KATHMANDU, June 19: The Unified Communist Party of Nepal (Maoist) no longer remains unified as of Monday, as the dissident faction led by its Senior Vice-chairman Mohan Baidya has formed a new party called Communist Party of Nepal, Maoist.

The announcement of the split from the UCPN(Maoist) and formation of the new outfit came at the end of the three-day national gathering of Baidya followers in Kathmandu on Monday.

The gathering has declared Baidya as chairman of the new party, with Ram Bahadur Thapa as general secretary, CP Gajurel as secretary and Netra Bikram Chand and Dev Gurung as politburo members. Thapa and Gajurel held the same positions in the mother party. The gathering also formed a five-member Standing Committee comprising these five leaders.

Besides these five, other members in the politburo are Kul Prasad KC, Hari Bhakta Kandel, Khadga Bahadur Bishwakarma, Narayan Sharma, Pampha Bhusal, Indra Mohan Sigdel, Dharmendra Bastola and Hitman Shakya.

The national gathering also elected a 44-member central committee. The 44 were also central committee members in the mother party.

"Dissociation from reformists and revisionists is the basis for the formation of the new party," a leader quoted Baidya as saying while announcing the formation of the new party during the conclave.

A function will be held on Tuesday at the Nepal Academy Hall in Kathmandu to officially announce the dissociation from the mother party led by Chairman Pushpa Kamal Dahal, according to Om Prakash Pun, a Central Committee member.



The national gathering attended by around 3,000 leaders and cadres decided to adopt the political line of people´s federal republic, with revolt as the tactical line, according to a leader who participated in the gathering.

The national conclave endorsed the need to hold a round-table assembly that will form an all-party government and draft a new constitution, said another leader.

The national gathering also decided to hold its first general convention in February, and all the Central Committee members, Standing Committee members and office bearers will be elected at that convention. The party has decided to go for a collective leadership system and will fix the term of office for each post.

Meanwhile, the gathering has leveled the UCPN (Maoist) led by Dahal as being a rightist and a neo-revisionist group.
However, a leader of the UCPN(Maoist) has termed the split unfortunate. "It is unfortunate that the party has split," UCPN(Maoist) Secretary Posta Bahadur Bogati told Republica. "They went against the aspirations of the people for party unity."



What led to split

The split in the Maoist party was not induced by just one event or incident. Nor did the split happen overnight. In fact, it was the result of a series of differences over years.

The seeds of the rift in the Maoist party were sown from the time Mohan Baidya and other senior leaders of his faction were arrested in India in March, 2004. The Baidya faction leaders had taken their arrest a conspiracy.

There was already a rift between Maoist Chairman Pushpa Kamal Dahal and Vice-chairman Baburam Bhattarai.

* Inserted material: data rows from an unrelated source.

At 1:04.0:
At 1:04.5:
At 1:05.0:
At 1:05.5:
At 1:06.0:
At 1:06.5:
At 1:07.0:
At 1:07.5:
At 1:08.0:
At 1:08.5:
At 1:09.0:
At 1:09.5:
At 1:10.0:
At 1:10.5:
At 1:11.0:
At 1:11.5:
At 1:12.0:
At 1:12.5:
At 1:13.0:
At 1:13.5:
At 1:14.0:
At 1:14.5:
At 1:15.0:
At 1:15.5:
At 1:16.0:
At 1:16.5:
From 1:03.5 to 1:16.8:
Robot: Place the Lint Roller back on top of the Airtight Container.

The Baidya faction leaders at the time blamed Bhattarai and leaders close to him for the arrests, which prompted the party to sack some leaders from the party including Devendra Paudel, Kalpana Dhamala and Devendra Parajuli.

Then in 2005, the party´s meeting held in Chunbang, Rolpa adopted the political line of democratic republic but Baidya and senior leaders close to him were still in detention in India. The Baidya faction interpreted the political line as a departure from the party´s revolutionary line in favor of a revisionist and parliamentary line.

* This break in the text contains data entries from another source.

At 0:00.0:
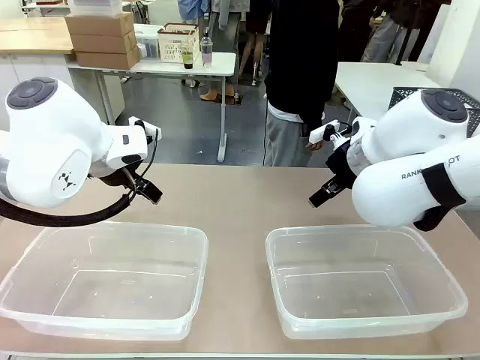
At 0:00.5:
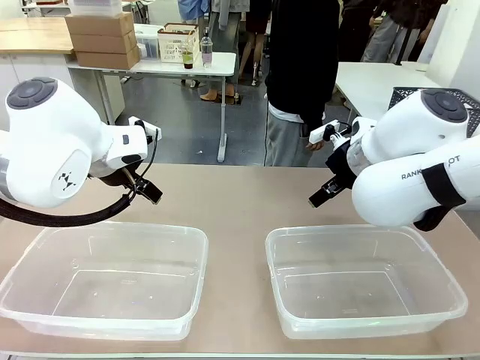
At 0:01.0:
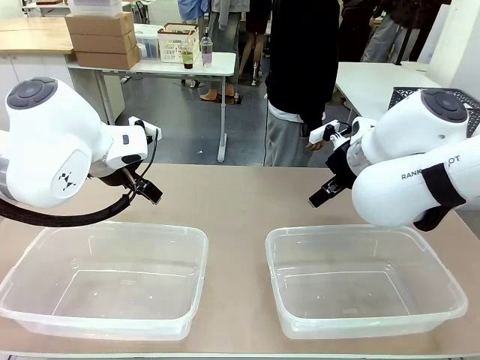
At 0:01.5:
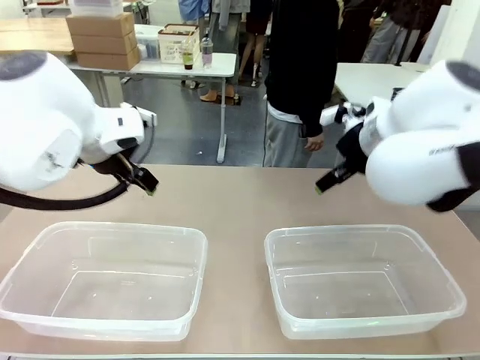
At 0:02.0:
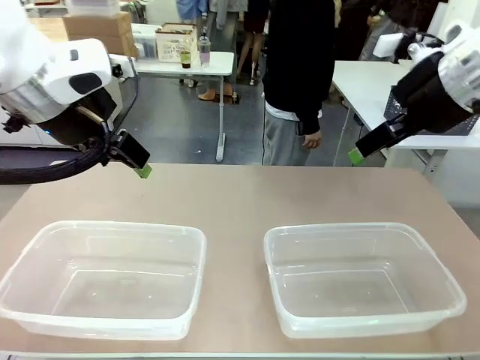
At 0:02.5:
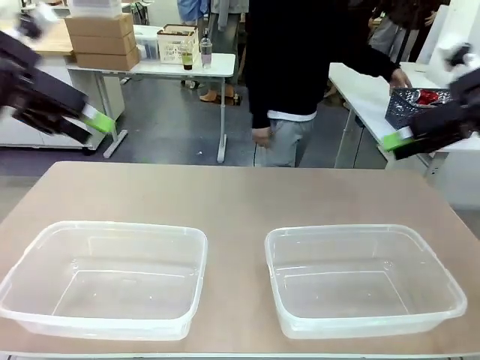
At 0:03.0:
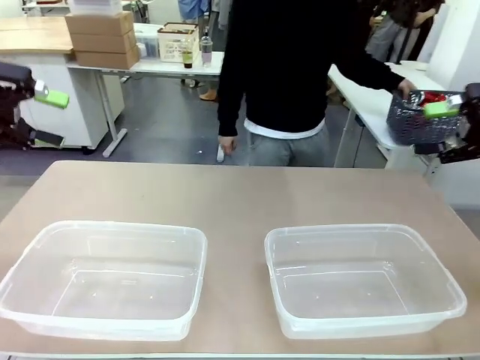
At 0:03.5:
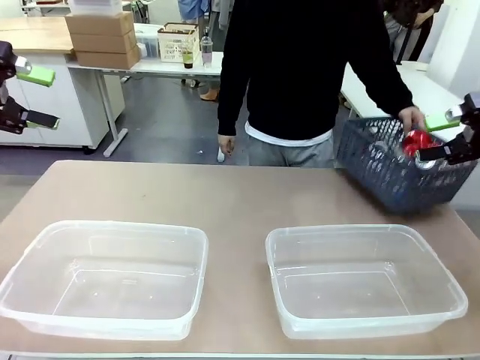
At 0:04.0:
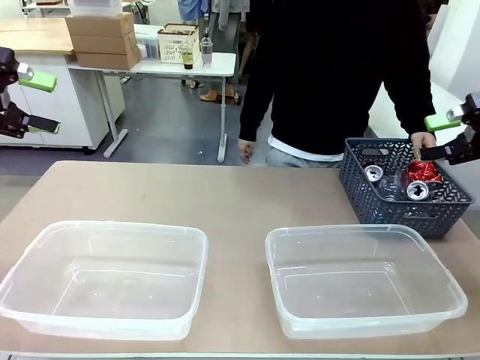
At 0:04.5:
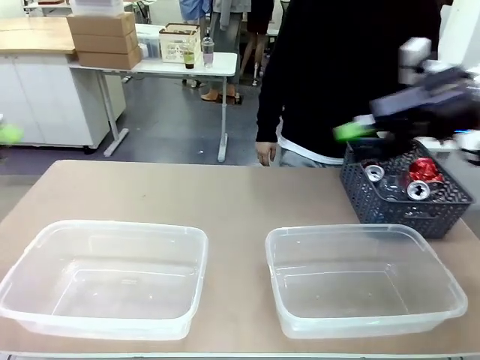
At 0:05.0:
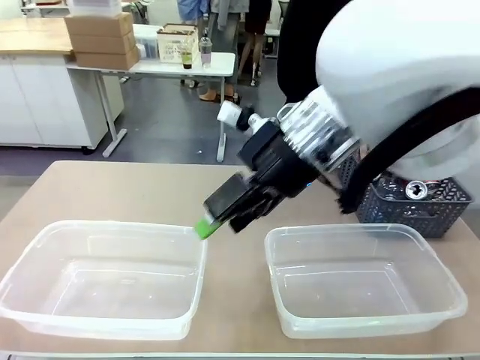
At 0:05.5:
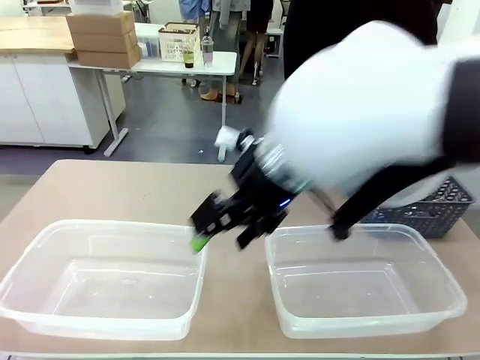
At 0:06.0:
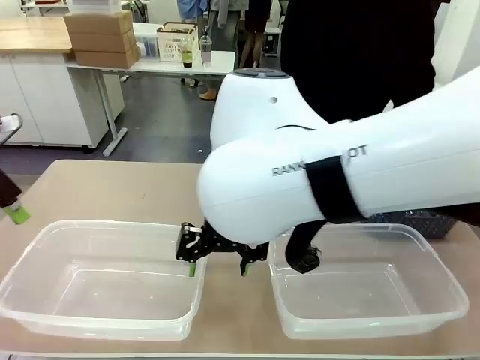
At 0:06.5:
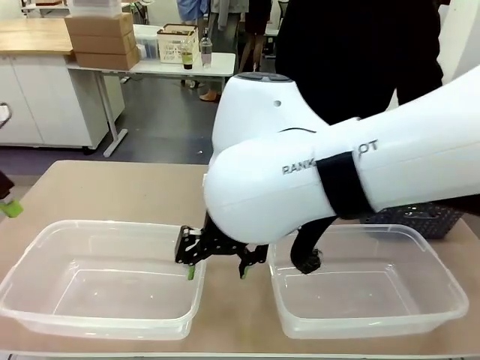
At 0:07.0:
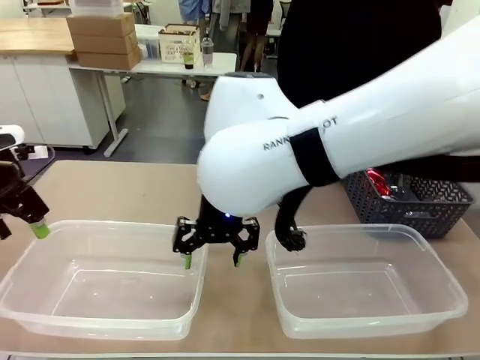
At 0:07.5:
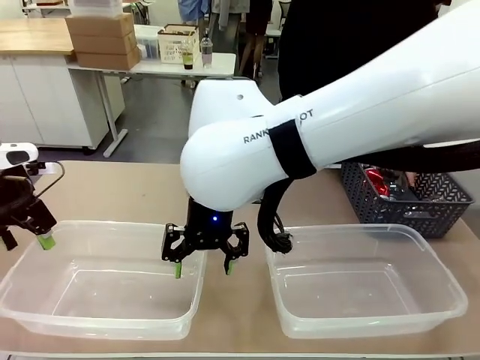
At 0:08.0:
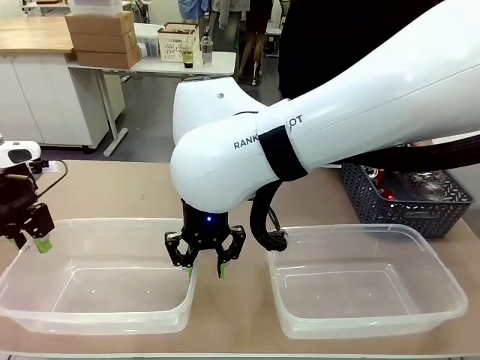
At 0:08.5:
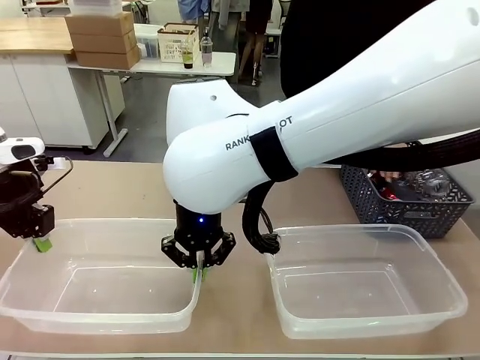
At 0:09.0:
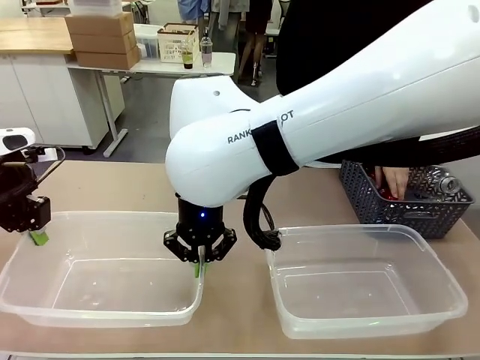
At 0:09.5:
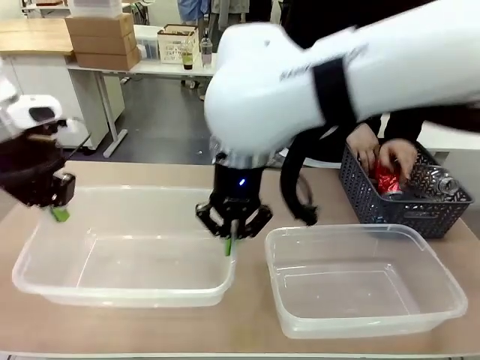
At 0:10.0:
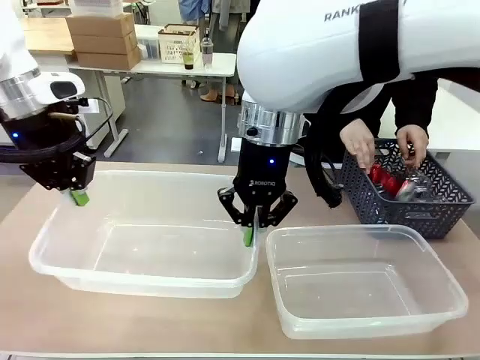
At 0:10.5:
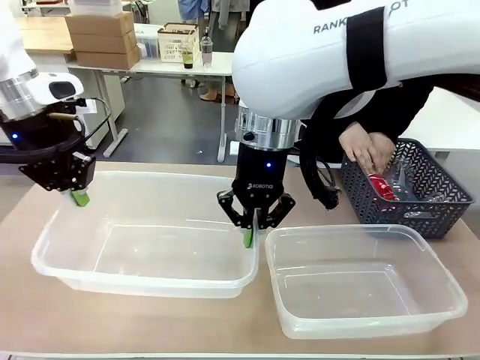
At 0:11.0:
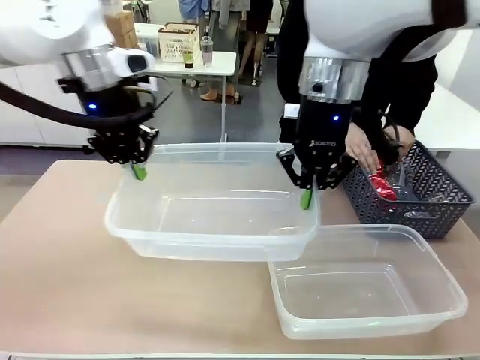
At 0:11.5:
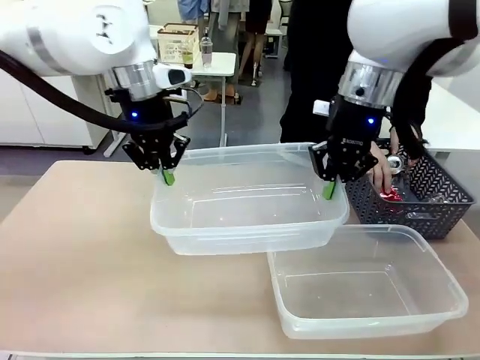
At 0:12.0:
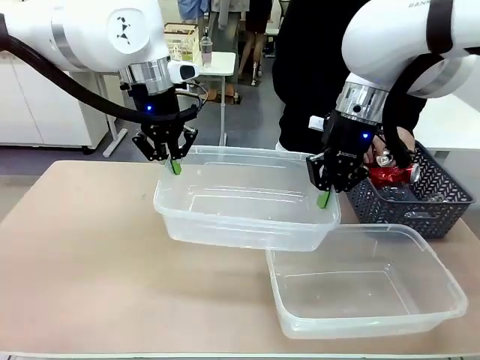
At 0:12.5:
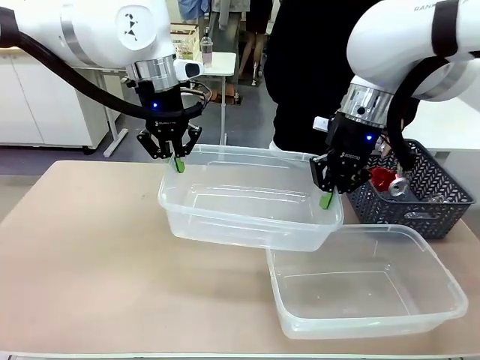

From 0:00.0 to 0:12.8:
Robot: Pick up the Organizing box on the left side of the table and lift it.
Person: Pick up the storage basket and place it on the left side of the robot table. Pick up can-shaped waste one by one and place it into the organizing box lifted by the robot.

The Chungang meeting had paved the way for the signing of the 12-point deal with the then seven-party alliance, in India in November 2005. But the Baidya faction took the alliance as a dissociation from leftist and "revolutionary" parties and closeness with parliamentary parties.

The Baidya faction also opposed the historic Comprehensive Peace Agreement as a betrayal of the people, country and "revolution".

After they were released from Indian jails after the party joined the peace process, Baidya lodged his dissatisfaction over the course the party was taking, at the party´s meeting in Chitwan in 2007. Baidya formally presented his separate political paper at the national gathering of the party at Kharipati, Bhaktapur in December, 2008. Later, in 2010, he also presented his separate political paper with the line of people´s revolt at the Palungtar plenum, but his paper was merged with Dahal´s paper.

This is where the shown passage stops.